What the task asks = The reply is to contain the full listing, repeated exactly, with pictures left out.

Records =
══════════
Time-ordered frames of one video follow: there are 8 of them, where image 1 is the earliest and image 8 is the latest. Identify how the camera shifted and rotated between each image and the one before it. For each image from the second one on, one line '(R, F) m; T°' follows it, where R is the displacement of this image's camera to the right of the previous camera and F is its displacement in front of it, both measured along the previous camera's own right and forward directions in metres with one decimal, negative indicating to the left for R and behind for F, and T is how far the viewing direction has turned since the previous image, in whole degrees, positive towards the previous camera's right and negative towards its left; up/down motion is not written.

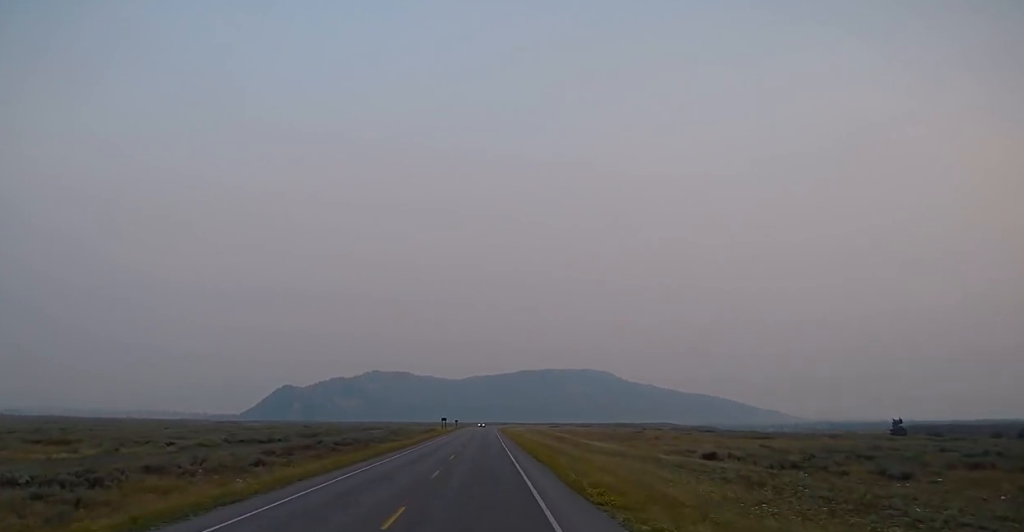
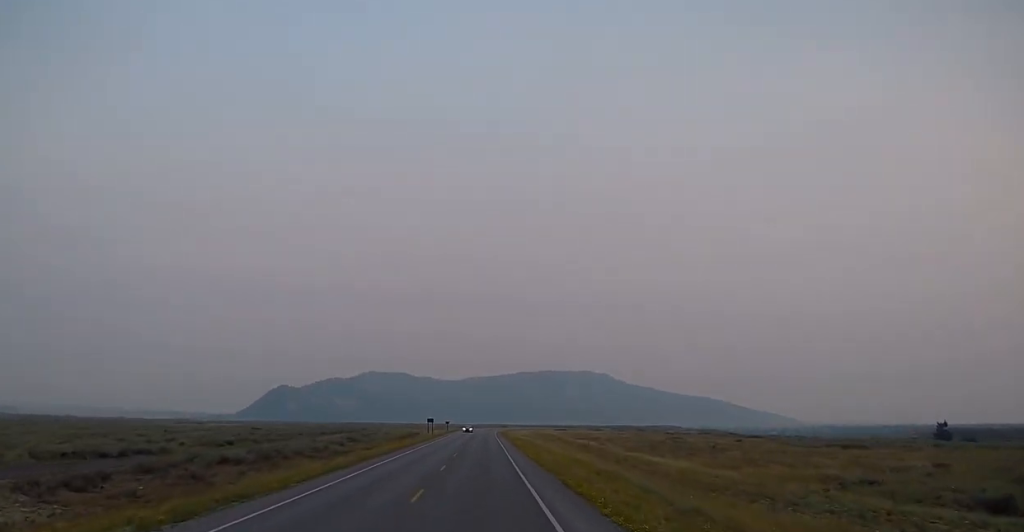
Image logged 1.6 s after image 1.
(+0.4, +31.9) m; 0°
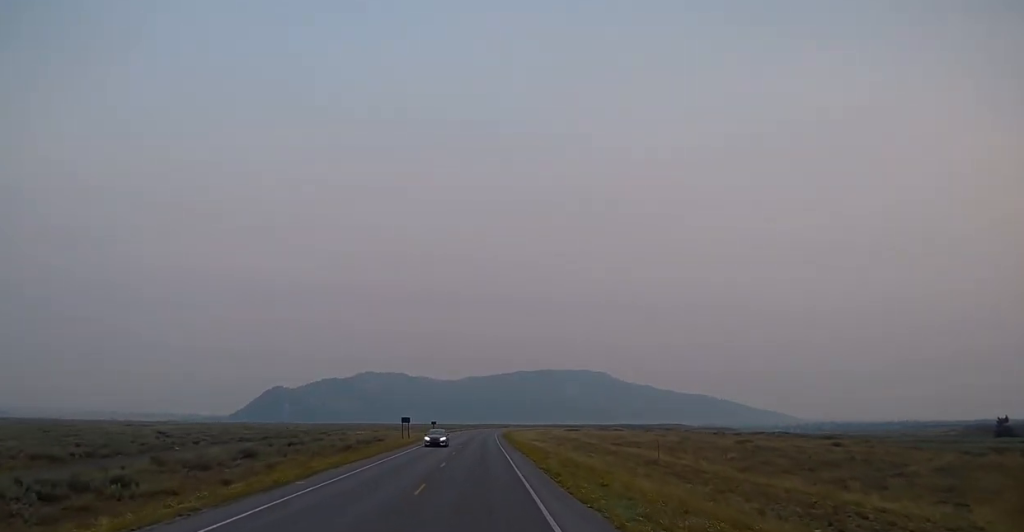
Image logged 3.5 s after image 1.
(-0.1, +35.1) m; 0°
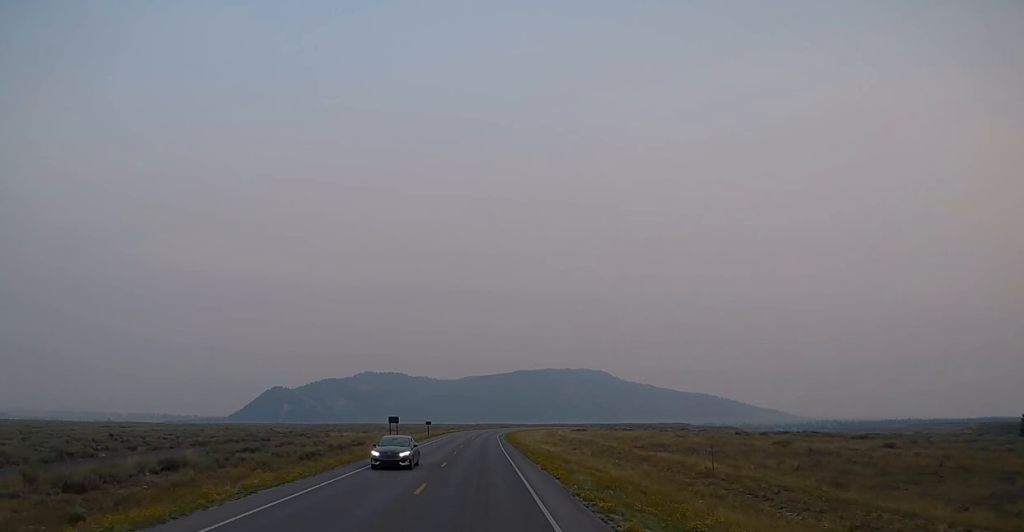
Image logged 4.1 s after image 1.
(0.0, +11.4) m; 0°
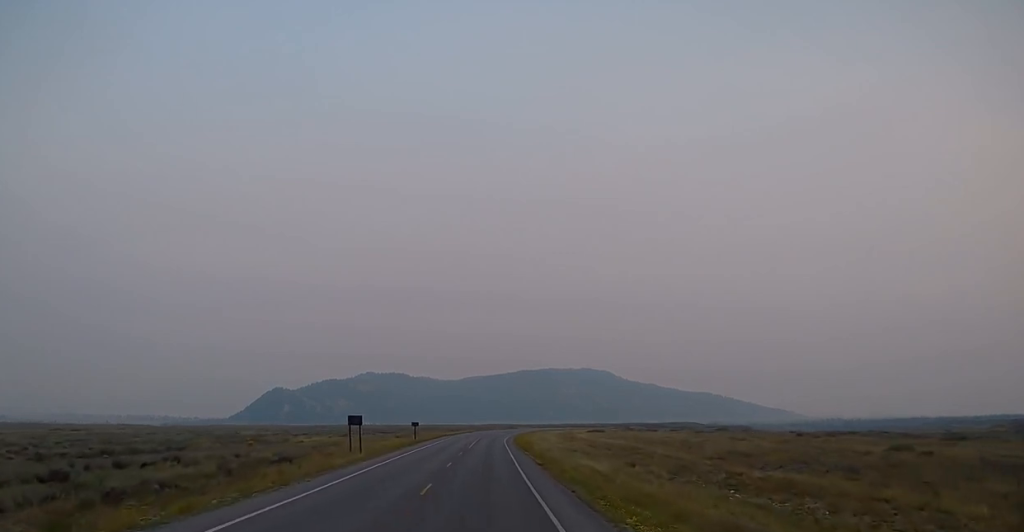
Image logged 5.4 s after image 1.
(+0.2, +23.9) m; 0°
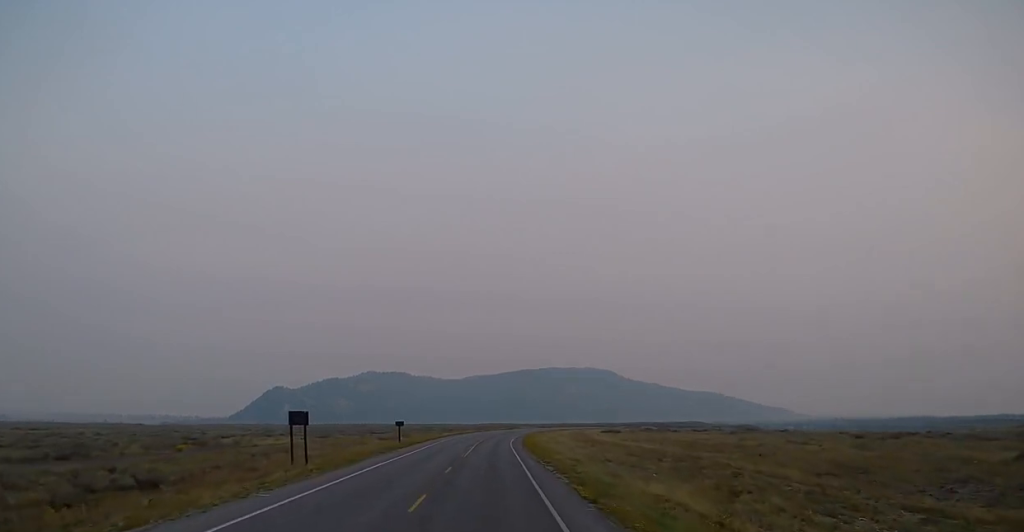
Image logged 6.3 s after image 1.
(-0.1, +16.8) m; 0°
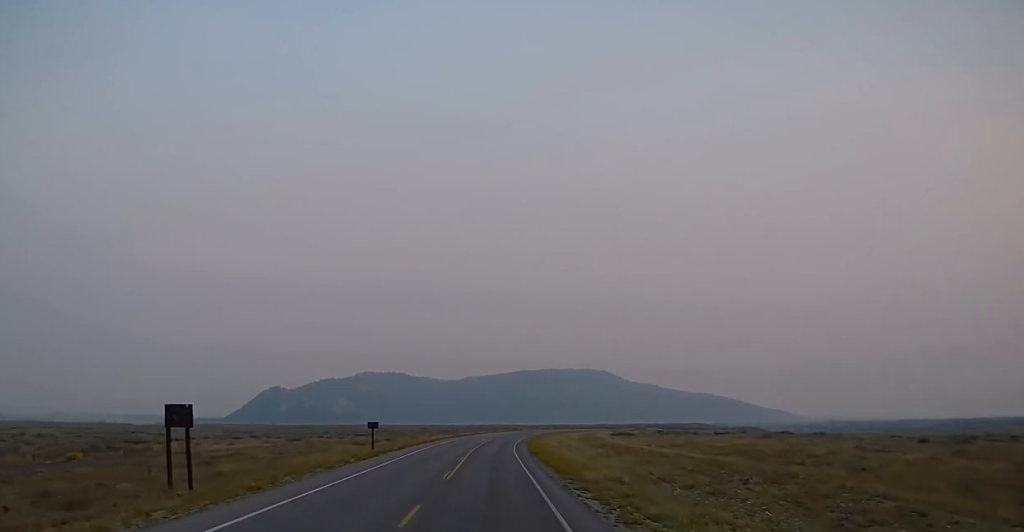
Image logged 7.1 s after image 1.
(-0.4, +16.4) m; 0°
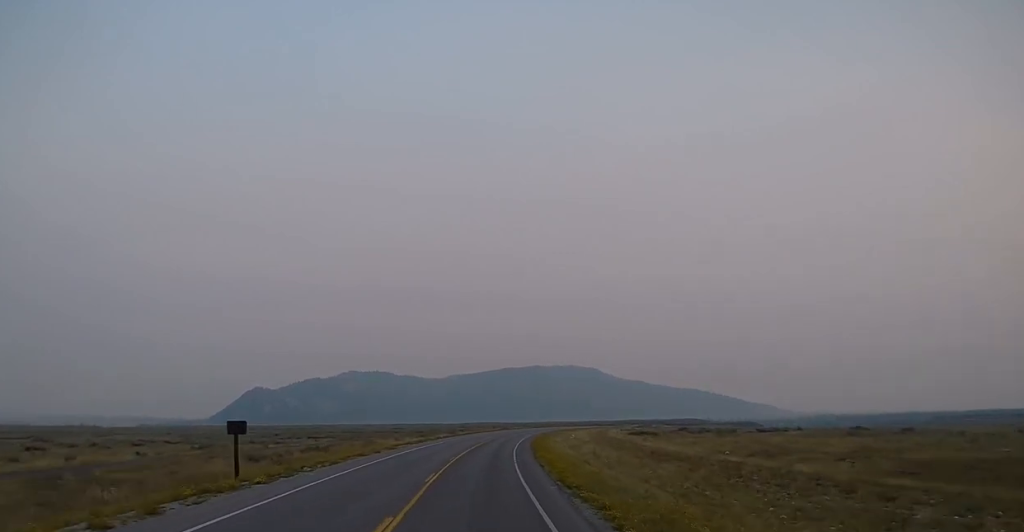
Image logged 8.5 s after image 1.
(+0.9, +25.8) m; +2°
══════════
Response box =
Time-ordered frames of one video follow: there are 8 of them, where image 1 is the earliest and image 8 is the latest. Identify how the camera shifted and rotated between each image and the one before it. For each image from the second one on, one line '(R, F) m; T°' follows it, where R is the displacement of this image's camera to the right of the previous camera and F is its displacement in front of it, both measured along the previous camera's own right and forward directions in metres with one decimal, negative indicating to the left for R and behind for F, and T is how far the viewing direction has turned since the previous image, in whole degrees, positive towards the previous camera's right and negative towards its left; up/down motion is not written.

Image logged 1.6 s after image 1.
(+0.4, +31.9) m; 0°
Image logged 3.5 s after image 1.
(-0.1, +35.1) m; 0°
Image logged 4.1 s after image 1.
(0.0, +11.4) m; 0°
Image logged 5.4 s after image 1.
(+0.2, +23.9) m; 0°
Image logged 6.3 s after image 1.
(-0.1, +16.8) m; 0°
Image logged 7.1 s after image 1.
(-0.4, +16.4) m; 0°
Image logged 8.5 s after image 1.
(+0.9, +25.8) m; +2°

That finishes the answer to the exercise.